Items listed in a dataset ▸

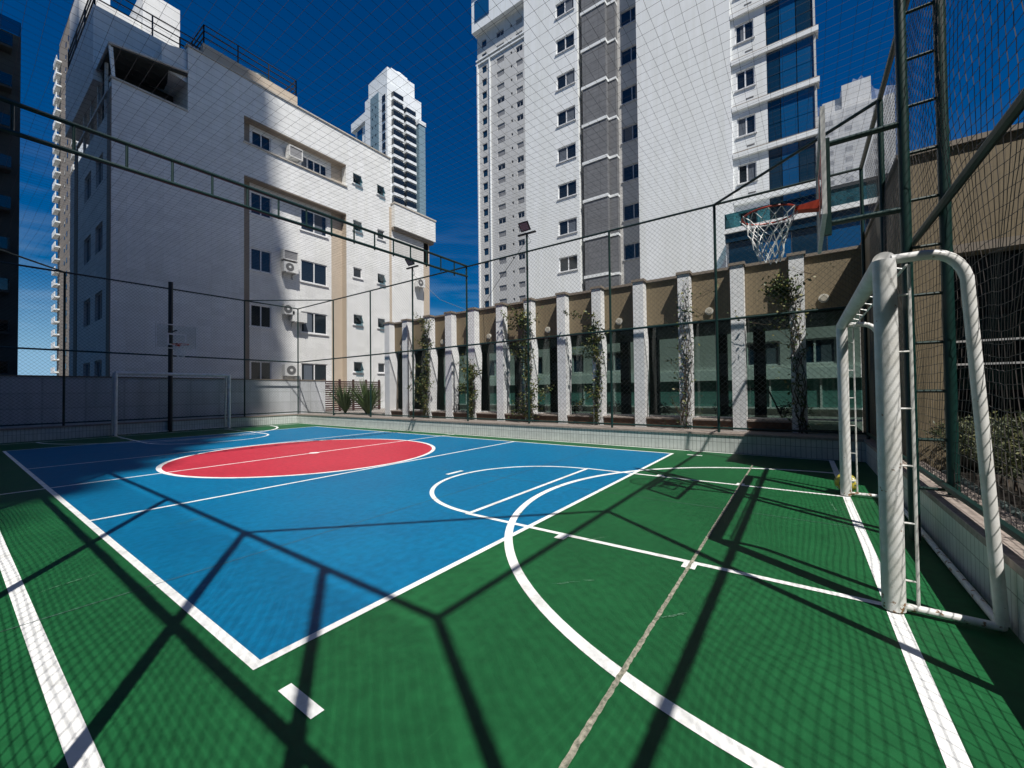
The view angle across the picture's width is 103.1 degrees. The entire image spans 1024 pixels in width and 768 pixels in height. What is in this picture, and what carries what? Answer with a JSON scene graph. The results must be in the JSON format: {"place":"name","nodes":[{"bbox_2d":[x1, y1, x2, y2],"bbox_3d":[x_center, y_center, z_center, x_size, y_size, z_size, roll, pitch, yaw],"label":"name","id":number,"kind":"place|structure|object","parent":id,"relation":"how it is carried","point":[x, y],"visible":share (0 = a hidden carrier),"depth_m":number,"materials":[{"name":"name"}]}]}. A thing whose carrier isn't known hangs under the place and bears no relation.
{"place":"outdoors","nodes":[
{"label":"outdoors","id":0,"kind":"place"},
{"bbox_2d":[0,423,1023,767],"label":"court floor","id":1,"kind":"structure","parent":0,"point":[480,661],"depth_m":1.93,"materials":[{"name":"green paint"}]},
{"bbox_2d":[0,414,296,442],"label":"wall","id":2,"kind":"structure","parent":1,"relation":"on","point":[22,434],"depth_m":13.06,"materials":[{"name":"concrete"}]},
{"bbox_2d":[0,249,297,426],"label":"chain link fence","id":3,"kind":"object","parent":2,"relation":"on","point":[64,350],"visible":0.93,"depth_m":13.03,"materials":[{"name":"black metal"}]},
{"bbox_2d":[111,371,230,435],"bbox_3d":[-11.492,0.622,13.878,0.439,1.999,3.164,-1,-1,35],"label":"soccer goal","id":4,"kind":"object","parent":1,"relation":"on","point":[114,413],"visible":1,"depth_m":13.42,"materials":[{"name":"white metal"}]},
{"bbox_2d":[155,282,196,431],"bbox_3d":[-11.229,-0.951,13.576,1.119,5.150,0.920,-1,-1,-2],"label":"basketball hoop","id":5,"kind":"object","parent":1,"relation":"on","point":[170,334],"visible":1,"depth_m":13.90,"materials":[{"name":"black metal"}]},
{"bbox_2d":[6,427,670,659],"bbox_3d":[-4.306,1.453,8.650,13.000,0.001,7.447,-1,-1,35],"label":"blue court area","id":6,"kind":"object","parent":1,"relation":"on","point":[264,603],"visible":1,"depth_m":4.24,"materials":[{"name":"paint"}]},
{"bbox_2d":[162,439,431,476],"bbox_3d":[-4.162,1.449,8.547,4.900,0.001,4.900,-1,-1,35],"label":"red centre circle","id":7,"kind":"object","parent":6,"relation":"on","point":[357,456],"visible":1,"depth_m":7.86,"materials":[{"name":"paint"}]},
{"bbox_2d":[0,429,905,631],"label":"thin floor joints","id":8,"kind":"object","parent":1,"relation":"on","point":[357,522],"visible":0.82,"depth_m":3.68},
{"bbox_2d":[0,423,972,767],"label":"court markings","id":9,"kind":"object","parent":1,"relation":"on","point":[76,741],"visible":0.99,"depth_m":2.09,"materials":[{"name":"white paint"}]},
{"bbox_2d":[297,413,873,461],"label":"wall","id":10,"kind":"structure","parent":1,"relation":"on","point":[803,446],"depth_m":9.02,"materials":[{"name":"concrete"}]},
{"bbox_2d":[405,258,465,418],"bbox_3d":[-2.558,-1.538,13.400,2.099,5.353,0.395,-1,-1,10],"label":"flood lamp","id":11,"kind":"object","parent":10,"relation":"on","point":[409,263],"visible":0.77,"depth_m":13.56,"materials":[{"name":"black metal"}]},
{"bbox_2d":[484,220,535,423],"bbox_3d":[-0.263,-1.619,11.781,0.361,5.403,2.744,0,-1,-36],"label":"flood lamp","id":12,"kind":"object","parent":10,"relation":"on","point":[526,226],"visible":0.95,"depth_m":10.90,"materials":[{"name":"black metal"}]},
{"bbox_2d":[245,100,876,438],"bbox_3d":[-2.296,-1.198,11.395,18.752,4.594,2.141,-1,-1,35],"label":"chain link fence","id":13,"kind":"object","parent":10,"relation":"on","point":[864,329],"visible":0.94,"depth_m":9.11,"materials":[{"name":"green metal"}]},
{"bbox_2d":[0,96,467,276],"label":"roof truss","id":14,"kind":"object","parent":13,"relation":"attached to","point":[13,104],"visible":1,"depth_m":6.46,"materials":[{"name":"green metal"}]},
{"bbox_2d":[0,0,893,308],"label":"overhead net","id":15,"kind":"object","parent":14,"relation":"attached to","point":[378,142],"visible":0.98,"depth_m":6.03,"materials":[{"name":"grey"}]},
{"bbox_2d":[559,464,753,767],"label":"expansion joint","id":16,"kind":"object","parent":1,"relation":"on","point":[574,748],"visible":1,"depth_m":1.84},
{"bbox_2d":[834,474,855,490],"bbox_3d":[3.940,1.163,4.792,0.220,0.220,0.220,-1,-1,35],"label":"soccer ball","id":17,"kind":"object","parent":1,"relation":"on","point":[837,481],"visible":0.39,"depth_m":4.77,"materials":[{"name":"yellow leather"}]},
{"bbox_2d":[836,249,1010,631],"bbox_3d":[3.124,0.259,3.373,0.479,1.999,3.047,-1,-1,35],"label":"soccer goal","id":18,"kind":"object","parent":1,"relation":"on","point":[879,279],"visible":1,"depth_m":2.23,"materials":[{"name":"white metal"}]},
{"bbox_2d":[0,0,1023,375],"label":"sky","id":19,"kind":"structure","parent":0,"point":[34,24],"materials":[{"name":"blue"}]},
{"bbox_2d":[304,408,865,436],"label":"deck","id":20,"kind":"structure","parent":0,"point":[703,429],"depth_m":10.63,"materials":[{"name":"stone"}]},
{"bbox_2d":[0,375,325,428],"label":"boundary wall","id":21,"kind":"structure","parent":20,"relation":"on","point":[286,399],"depth_m":13.85,"materials":[{"name":"grey paint"}]},
{"bbox_2d":[325,384,358,412],"bbox_3d":[-7.258,0.569,17.673,2.241,1.447,2.352,-1,-1,35],"label":"strap leaf plant","id":22,"kind":"object","parent":20,"relation":"on","point":[344,403],"visible":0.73,"depth_m":17.41,"materials":[{"name":"green plant"}]},
{"bbox_2d":[323,379,380,410],"bbox_3d":[-8.080,0.572,20.699,0.120,1.610,3.210,-1,-1,35],"label":"slatted screen","id":23,"kind":"object","parent":20,"relation":"on","point":[343,385],"visible":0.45,"depth_m":20.33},
{"bbox_2d":[338,378,384,413],"bbox_3d":[-6.180,0.462,17.355,2.706,1.623,2.301,0,-1,-31],"label":"strap leaf plant","id":24,"kind":"object","parent":20,"relation":"on","point":[362,391],"visible":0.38,"depth_m":17.11,"materials":[{"name":"green plant"}]},
{"bbox_2d":[352,388,379,413],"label":"strap leaf plant","id":25,"kind":"object","parent":20,"relation":"on","point":[367,402],"visible":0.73,"depth_m":16.37,"materials":[{"name":"green plant"}]},
{"bbox_2d":[571,399,586,412],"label":"round shrub","id":26,"kind":"object","parent":20,"relation":"on","point":[575,408],"visible":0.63,"depth_m":14.71,"materials":[{"name":"green plant"}]},
{"bbox_2d":[607,400,620,413],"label":"round shrub","id":27,"kind":"object","parent":20,"relation":"on","point":[616,406],"visible":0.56,"depth_m":13.95,"materials":[{"name":"green plant"}]},
{"bbox_2d":[384,245,862,432],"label":"gallery building","id":28,"kind":"structure","parent":20,"relation":"on","point":[640,385],"depth_m":10.49,"materials":[{"name":"brown paint"}]},
{"bbox_2d":[407,312,433,417],"bbox_3d":[-3.139,-0.684,14.024,1.387,3.821,0.460,-1,-1,35],"label":"climbing plant","id":29,"kind":"object","parent":28,"relation":"attached to","point":[424,343],"visible":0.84,"depth_m":14.01,"materials":[{"name":"green plant"}]},
{"bbox_2d":[455,357,481,419],"bbox_3d":[-1.350,0.124,12.815,0.369,2.222,1.224,0,-1,-43],"label":"climbing plant","id":30,"kind":"object","parent":28,"relation":"attached to","point":[471,397],"visible":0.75,"depth_m":12.83,"materials":[{"name":"green plant"}]},
{"bbox_2d":[500,304,553,421],"bbox_3d":[0.401,-0.579,11.553,1.757,3.454,0.411,-1,-1,35],"label":"climbing plant","id":31,"kind":"object","parent":28,"relation":"attached to","point":[525,354],"visible":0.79,"depth_m":11.61,"materials":[{"name":"green plant"}]},
{"bbox_2d":[563,310,612,424],"bbox_3d":[1.982,-0.474,10.463,1.353,3.063,0.365,-1,-1,35],"label":"climbing plant","id":32,"kind":"object","parent":28,"relation":"attached to","point":[595,353],"visible":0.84,"depth_m":10.40,"materials":[{"name":"green plant"}]},
{"bbox_2d":[662,280,717,428],"bbox_3d":[3.911,-0.678,9.009,0.377,3.464,1.277,0,-1,-44],"label":"climbing plant","id":33,"kind":"object","parent":28,"relation":"attached to","point":[684,382],"visible":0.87,"depth_m":9.15,"materials":[{"name":"green plant"}]},
{"bbox_2d":[747,388,782,417],"bbox_3d":[6.174,0.524,9.846,0.302,0.878,1.062,0,-1,-26],"label":"handrail","id":34,"kind":"object","parent":28,"relation":"on","point":[771,397],"visible":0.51,"depth_m":9.77,"materials":[{"name":"black metal"}]},
{"bbox_2d":[727,263,830,433],"bbox_3d":[5.316,-0.634,8.066,1.807,3.356,0.393,-1,-1,35],"label":"climbing plant","id":35,"kind":"object","parent":28,"relation":"attached to","point":[785,292],"visible":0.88,"depth_m":7.98,"materials":[{"name":"green plant"}]},
{"bbox_2d":[649,402,673,414],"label":"round shrub","id":36,"kind":"object","parent":20,"relation":"on","point":[666,411],"visible":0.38,"depth_m":12.93,"materials":[{"name":"green plant"}]},
{"bbox_2d":[777,399,815,416],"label":"round shrub","id":37,"kind":"object","parent":20,"relation":"on","point":[788,409],"visible":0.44,"depth_m":11.03,"materials":[{"name":"green plant"}]},
{"bbox_2d":[831,173,888,189],"bbox_3d":[17.874,-9.675,20.500,3.150,1.840,2.500,-1,-1,35],"label":"awning","id":38,"kind":"object","parent":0,"point":[844,185],"visible":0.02,"depth_m":20.12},
{"label":"ground","id":39,"kind":"structure","parent":0,"visible":0},
{"bbox_2d":[0,14,20,374],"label":"dark block","id":40,"kind":"structure","parent":39,"relation":"on","point":[13,39],"depth_m":29.12,"materials":[{"name":"black glass"}]},
{"bbox_2d":[51,0,109,375],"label":"narrow tower","id":41,"kind":"structure","parent":39,"relation":"on","point":[66,167],"depth_m":94.20,"materials":[{"name":"white paint"}]},
{"bbox_2d":[65,0,435,407],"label":"apartment house","id":42,"kind":"structure","parent":39,"relation":"on","point":[91,46],"depth_m":20.17,"materials":[{"name":"white concrete"},{"name":"beige plaster"},{"name":"dark glass"}]},
{"bbox_2d":[86,300,89,325],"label":"window","id":43,"kind":"structure","parent":42,"relation":"in","point":[87,304],"depth_m":19.51,"materials":[{"name":"black glass"}]},
{"bbox_2d":[86,236,90,262],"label":"window","id":44,"kind":"structure","parent":42,"relation":"in","point":[88,244],"depth_m":19.61,"materials":[{"name":"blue glass"}]},
{"bbox_2d":[86,174,90,200],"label":"window","id":45,"kind":"structure","parent":42,"relation":"in","point":[88,192],"depth_m":19.71,"materials":[{"name":"black glass"}]},
{"bbox_2d":[97,360,101,375],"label":"window","id":46,"kind":"structure","parent":42,"relation":"in","point":[99,363],"depth_m":17.99,"materials":[{"name":"glass"}]},
{"bbox_2d":[97,292,101,320],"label":"window","id":47,"kind":"structure","parent":42,"relation":"in","point":[98,297],"depth_m":18.13,"materials":[{"name":"black glass"}]},
{"bbox_2d":[97,223,102,252],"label":"window","id":48,"kind":"structure","parent":42,"relation":"in","point":[99,247],"depth_m":18.23,"materials":[{"name":"black glass"}]},
{"bbox_2d":[98,156,102,185],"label":"window","id":49,"kind":"structure","parent":42,"relation":"in","point":[100,173],"depth_m":18.24,"materials":[{"name":"blue glass"}]},
{"bbox_2d":[251,361,270,378],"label":"window","id":50,"kind":"structure","parent":42,"relation":"in","point":[260,367],"depth_m":21.59,"materials":[{"name":"white glass"}]},
{"bbox_2d":[249,304,272,329],"bbox_3d":[-13.373,-3.570,21.641,0.170,1.230,1.180,-1,-1,35],"label":"window","id":51,"kind":"structure","parent":42,"relation":"in","point":[257,318],"depth_m":21.64,"materials":[{"name":"white"}]},
{"bbox_2d":[249,247,272,274],"bbox_3d":[-13.408,-6.554,21.695,0.170,1.240,1.180,-1,-1,35],"label":"window","id":52,"kind":"structure","parent":42,"relation":"in","point":[263,263],"depth_m":21.70,"materials":[{"name":"white"}]},
{"bbox_2d":[249,191,272,220],"bbox_3d":[-13.443,-9.534,21.749,0.170,1.240,1.180,-1,-1,35],"label":"window","id":53,"kind":"structure","parent":42,"relation":"in","point":[266,206],"depth_m":21.75,"materials":[{"name":"white"}]},
{"bbox_2d":[252,130,269,150],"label":"window","id":54,"kind":"structure","parent":42,"relation":"in","point":[267,147],"depth_m":21.85,"materials":[{"name":"white"}]},
{"bbox_2d":[282,303,294,320],"bbox_3d":[-12.447,-3.975,22.529,0.465,0.850,0.575,-1,-1,35],"label":"air conditioner","id":55,"kind":"object","parent":42,"relation":"attached to","point":[287,312],"visible":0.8,"depth_m":22.36,"materials":[{"name":"grey"}]},
{"bbox_2d":[281,261,298,279],"bbox_3d":[-12.410,-6.323,22.664,0.465,0.850,0.800,-1,-1,35],"label":"air conditioner","id":56,"kind":"object","parent":42,"relation":"attached to","point":[284,265],"visible":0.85,"depth_m":22.54,"materials":[{"name":"grey"}]},
{"bbox_2d":[281,249,298,262],"bbox_3d":[-12.428,-6.974,22.646,0.481,0.850,0.800,-1,-1,35],"label":"air conditioner","id":57,"kind":"object","parent":42,"relation":"attached to","point":[286,254],"visible":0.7,"depth_m":22.49,"materials":[{"name":"white metal"}]},
{"bbox_2d":[282,364,300,379],"bbox_3d":[-12.302,-0.609,22.617,0.465,0.920,0.850,-1,-1,35],"label":"air conditioner","id":58,"kind":"object","parent":42,"relation":"attached to","point":[288,369],"visible":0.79,"depth_m":22.38,"materials":[{"name":"grey"}]},
{"bbox_2d":[286,144,302,163],"bbox_3d":[-12.319,-12.806,22.933,0.561,0.920,0.750,-1,-1,35],"label":"air conditioner","id":59,"kind":"object","parent":42,"relation":"attached to","point":[294,151],"visible":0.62,"depth_m":22.77,"materials":[{"name":"white metal"}]},
{"bbox_2d":[290,311,306,326],"bbox_3d":[-12.116,-3.620,23.005,0.440,0.850,0.800,-1,-1,35],"label":"air conditioner","id":60,"kind":"object","parent":42,"relation":"attached to","point":[303,315],"visible":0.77,"depth_m":22.89,"materials":[{"name":"silver metal"}]},
{"bbox_2d":[301,156,325,175],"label":"window","id":61,"kind":"structure","parent":42,"relation":"in","point":[319,168],"depth_m":24.27,"materials":[{"name":"white"}]},
{"bbox_2d":[301,363,326,382],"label":"window","id":62,"kind":"structure","parent":42,"relation":"in","point":[317,367],"depth_m":23.97,"materials":[{"name":"white glass"}]},
{"bbox_2d":[299,208,328,238],"bbox_3d":[-11.753,-9.525,24.124,0.170,1.310,1.750,-1,-1,35],"label":"window","id":63,"kind":"structure","parent":42,"relation":"in","point":[311,223],"depth_m":24.18,"materials":[{"name":"white"}]},
{"bbox_2d":[300,311,328,335],"bbox_3d":[-11.683,-3.557,24.016,0.170,1.290,1.750,-1,-1,35],"label":"window","id":64,"kind":"structure","parent":42,"relation":"in","point":[323,320],"depth_m":24.12,"materials":[{"name":"white"}]},
{"bbox_2d":[300,259,328,287],"bbox_3d":[-11.718,-6.536,24.070,0.170,1.330,1.750,-1,-1,35],"label":"window","id":65,"kind":"structure","parent":42,"relation":"in","point":[303,262],"depth_m":24.07,"materials":[{"name":"white"}]},
{"bbox_2d":[352,173,362,187],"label":"window","id":66,"kind":"structure","parent":42,"relation":"in","point":[356,178],"depth_m":25.90,"materials":[{"name":"black"}]},
{"bbox_2d":[352,314,363,326],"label":"window","id":67,"kind":"structure","parent":42,"relation":"in","point":[358,317],"depth_m":25.75,"materials":[{"name":"black glass"}]},
{"bbox_2d":[352,267,363,279],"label":"window","id":68,"kind":"structure","parent":42,"relation":"in","point":[359,271],"depth_m":25.88,"materials":[{"name":"white"}]},
{"bbox_2d":[354,362,363,372],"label":"window","id":69,"kind":"structure","parent":42,"relation":"in","point":[357,366],"depth_m":25.69,"materials":[{"name":"white"}]},
{"bbox_2d":[376,185,385,197],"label":"window","id":70,"kind":"structure","parent":42,"relation":"in","point":[381,190],"depth_m":27.37,"materials":[{"name":"black glass"}]},
{"bbox_2d":[415,278,424,290],"bbox_3d":[-6.771,-7.236,29.792,0.465,0.900,0.700,-1,-1,35],"label":"air conditioner","id":71,"kind":"object","parent":42,"relation":"attached to","point":[421,284],"visible":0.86,"depth_m":29.62,"materials":[{"name":"grey"}]},
{"bbox_2d":[351,67,425,215],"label":"balcony tower","id":72,"kind":"structure","parent":39,"relation":"on","point":[405,140],"depth_m":129.11,"materials":[{"name":"white paint"}]},
{"bbox_2d":[471,0,526,307],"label":"pale tower","id":73,"kind":"structure","parent":39,"relation":"on","point":[511,125],"depth_m":87.88,"materials":[{"name":"grey paint"}]},
{"bbox_2d":[474,0,488,22],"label":"penthouse window","id":74,"kind":"structure","parent":73,"relation":"in","point":[478,12],"depth_m":89.64,"materials":[{"name":"blue glass"}]},
{"bbox_2d":[444,311,862,430],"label":"building","id":75,"kind":"structure","parent":39,"relation":"on","point":[667,382],"depth_m":13.43,"materials":[{"name":"grey paint"}]},
{"bbox_2d":[489,360,496,376],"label":"window","id":76,"kind":"structure","parent":75,"relation":"in","point":[491,363],"depth_m":18.93,"materials":[{"name":"white"}]},
{"bbox_2d":[572,354,583,372],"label":"window","id":77,"kind":"structure","parent":75,"relation":"in","point":[574,370],"depth_m":16.43,"materials":[{"name":"black"}]},
{"bbox_2d":[607,352,620,371],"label":"window","id":78,"kind":"structure","parent":75,"relation":"in","point":[615,358],"depth_m":15.51,"materials":[{"name":"white"}]},
{"bbox_2d":[747,341,779,365],"bbox_3d":[7.861,-0.941,12.723,0.900,0.750,0.064,-1,-1,35],"label":"window","id":79,"kind":"structure","parent":75,"relation":"in","point":[768,354],"depth_m":12.60,"materials":[{"name":"white"}]},
{"bbox_2d":[806,337,836,363],"bbox_3d":[8.920,-0.967,11.969,1.000,0.750,0.064,-1,-1,35],"label":"window","id":80,"kind":"structure","parent":75,"relation":"in","point":[832,340],"depth_m":11.87,"materials":[{"name":"white"}]},
{"bbox_2d":[524,0,886,298],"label":"white tower","id":81,"kind":"structure","parent":39,"relation":"on","point":[803,129],"depth_m":27.66,"materials":[{"name":"paint"}]},
{"bbox_2d":[554,0,574,19],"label":"window","id":82,"kind":"structure","parent":81,"relation":"in","point":[570,6],"depth_m":32.32,"materials":[{"name":"white"}]},
{"bbox_2d":[555,32,574,55],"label":"window","id":83,"kind":"structure","parent":81,"relation":"in","point":[565,40],"depth_m":32.24,"materials":[{"name":"white"}]},
{"bbox_2d":[555,68,575,91],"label":"window","id":84,"kind":"structure","parent":81,"relation":"in","point":[562,82],"depth_m":32.21,"materials":[{"name":"white"}]},
{"bbox_2d":[556,106,575,127],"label":"window","id":85,"kind":"structure","parent":81,"relation":"in","point":[570,111],"depth_m":32.13,"materials":[{"name":"white"}]},
{"bbox_2d":[556,142,576,163],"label":"window","id":86,"kind":"structure","parent":81,"relation":"in","point":[572,150],"depth_m":32.09,"materials":[{"name":"white"}]},
{"bbox_2d":[557,217,576,236],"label":"window","id":87,"kind":"structure","parent":81,"relation":"in","point":[561,233],"depth_m":31.98,"materials":[{"name":"white"}]},
{"bbox_2d":[557,180,576,200],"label":"window","id":88,"kind":"structure","parent":81,"relation":"in","point":[569,190],"depth_m":32.03,"materials":[{"name":"white"}]},
{"bbox_2d":[558,255,577,273],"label":"window","id":89,"kind":"structure","parent":81,"relation":"in","point":[565,260],"depth_m":31.93,"materials":[{"name":"white"}]},
{"bbox_2d":[619,5,635,29],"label":"window","id":90,"kind":"structure","parent":81,"relation":"in","point":[627,15],"depth_m":30.34,"materials":[{"name":"glass"}]},
{"bbox_2d":[620,84,636,105],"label":"window","id":91,"kind":"structure","parent":81,"relation":"in","point":[626,98],"depth_m":30.25,"materials":[{"name":"blue glass"}]},
{"bbox_2d":[620,45,636,67],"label":"window","id":92,"kind":"structure","parent":81,"relation":"in","point":[627,56],"depth_m":30.31,"materials":[{"name":"blue glass"}]},
{"bbox_2d":[621,123,637,144],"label":"window","id":93,"kind":"structure","parent":81,"relation":"in","point":[634,131],"depth_m":30.17,"materials":[{"name":"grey glass"}]},
{"bbox_2d":[621,163,638,182],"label":"window","id":94,"kind":"structure","parent":81,"relation":"in","point":[632,169],"depth_m":30.13,"materials":[{"name":"blue glass"}]},
{"bbox_2d":[622,202,638,221],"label":"window","id":95,"kind":"structure","parent":81,"relation":"in","point":[635,207],"depth_m":30.09,"materials":[{"name":"blue glass"}]},
{"bbox_2d":[623,242,639,260],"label":"window","id":96,"kind":"structure","parent":81,"relation":"in","point":[635,251],"depth_m":30.03,"materials":[{"name":"blue glass"}]},
{"bbox_2d":[734,19,753,45],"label":"window","id":97,"kind":"structure","parent":81,"relation":"in","point":[745,28],"depth_m":25.15,"materials":[{"name":"white"}]},
{"bbox_2d":[735,66,755,92],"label":"window","id":98,"kind":"structure","parent":81,"relation":"in","point":[749,74],"depth_m":25.10,"materials":[{"name":"white"}]},
{"bbox_2d":[736,114,756,138],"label":"window","id":99,"kind":"structure","parent":81,"relation":"in","point":[749,130],"depth_m":25.04,"materials":[{"name":"white"}]},
{"bbox_2d":[737,161,757,185],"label":"window","id":100,"kind":"structure","parent":81,"relation":"in","point":[746,167],"depth_m":25.00,"materials":[{"name":"white"}]},
{"bbox_2d":[818,76,895,186],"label":"wrapped tower","id":101,"kind":"structure","parent":39,"relation":"on","point":[863,99],"depth_m":116.73,"materials":[{"name":"grey paint"}]},
{"bbox_2d":[860,122,1023,475],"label":"corner building","id":102,"kind":"structure","parent":39,"relation":"on","point":[869,241],"depth_m":4.63,"materials":[{"name":"brown paint"}]},
{"bbox_2d":[864,439,1023,643],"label":"wall","id":103,"kind":"structure","parent":39,"relation":"on","point":[953,527],"depth_m":2.66,"materials":[{"name":"concrete"}]},
{"bbox_2d":[859,0,1023,544],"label":"net fence","id":104,"kind":"object","parent":103,"relation":"on","point":[1013,112],"visible":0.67,"depth_m":3.05,"materials":[{"name":"green metal"}]},
{"bbox_2d":[865,0,1023,532],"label":"fence net","id":105,"kind":"object","parent":104,"relation":"hanging from","point":[892,155],"visible":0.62,"depth_m":2.90,"materials":[{"name":"grey fabric"}]},
{"bbox_2d":[940,471,1023,511],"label":"planting bed","id":106,"kind":"object","parent":39,"relation":"on","point":[1017,500],"depth_m":3.69,"materials":[{"name":"soil"}]},
{"bbox_2d":[740,0,960,540],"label":"basketball hoop","id":107,"kind":"object","parent":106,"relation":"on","point":[820,205],"visible":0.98,"depth_m":3.27,"materials":[{"name":"green metal"}]},
{"bbox_2d":[921,396,1023,494],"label":"hedge","id":108,"kind":"object","parent":106,"relation":"on","point":[1013,462],"visible":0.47,"depth_m":3.22,"materials":[{"name":"green plant"}]},
{"bbox_2d":[1005,506,1019,515],"bbox_3d":[3.577,0.918,2.893,0.084,0.080,0.170,-9,-6,40],"label":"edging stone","id":109,"kind":"object","parent":106,"relation":"on","point":[1007,509],"visible":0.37,"depth_m":2.87,"materials":[{"name":"grey stone"}]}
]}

TASK DESCRIPTION ▸ Check each line above for "climbing" and return the ones that have it.

OUTPUT OF THE EXERCISE ▸
{"bbox_2d":[407,312,433,417],"bbox_3d":[-3.139,-0.684,14.024,1.387,3.821,0.460,-1,-1,35],"label":"climbing plant","id":29,"kind":"object","parent":28,"relation":"attached to","point":[424,343],"visible":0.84,"depth_m":14.01,"materials":[{"name":"green plant"}]},
{"bbox_2d":[455,357,481,419],"bbox_3d":[-1.350,0.124,12.815,0.369,2.222,1.224,0,-1,-43],"label":"climbing plant","id":30,"kind":"object","parent":28,"relation":"attached to","point":[471,397],"visible":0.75,"depth_m":12.83,"materials":[{"name":"green plant"}]},
{"bbox_2d":[500,304,553,421],"bbox_3d":[0.401,-0.579,11.553,1.757,3.454,0.411,-1,-1,35],"label":"climbing plant","id":31,"kind":"object","parent":28,"relation":"attached to","point":[525,354],"visible":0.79,"depth_m":11.61,"materials":[{"name":"green plant"}]},
{"bbox_2d":[563,310,612,424],"bbox_3d":[1.982,-0.474,10.463,1.353,3.063,0.365,-1,-1,35],"label":"climbing plant","id":32,"kind":"object","parent":28,"relation":"attached to","point":[595,353],"visible":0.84,"depth_m":10.40,"materials":[{"name":"green plant"}]},
{"bbox_2d":[662,280,717,428],"bbox_3d":[3.911,-0.678,9.009,0.377,3.464,1.277,0,-1,-44],"label":"climbing plant","id":33,"kind":"object","parent":28,"relation":"attached to","point":[684,382],"visible":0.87,"depth_m":9.15,"materials":[{"name":"green plant"}]},
{"bbox_2d":[727,263,830,433],"bbox_3d":[5.316,-0.634,8.066,1.807,3.356,0.393,-1,-1,35],"label":"climbing plant","id":35,"kind":"object","parent":28,"relation":"attached to","point":[785,292],"visible":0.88,"depth_m":7.98,"materials":[{"name":"green plant"}]},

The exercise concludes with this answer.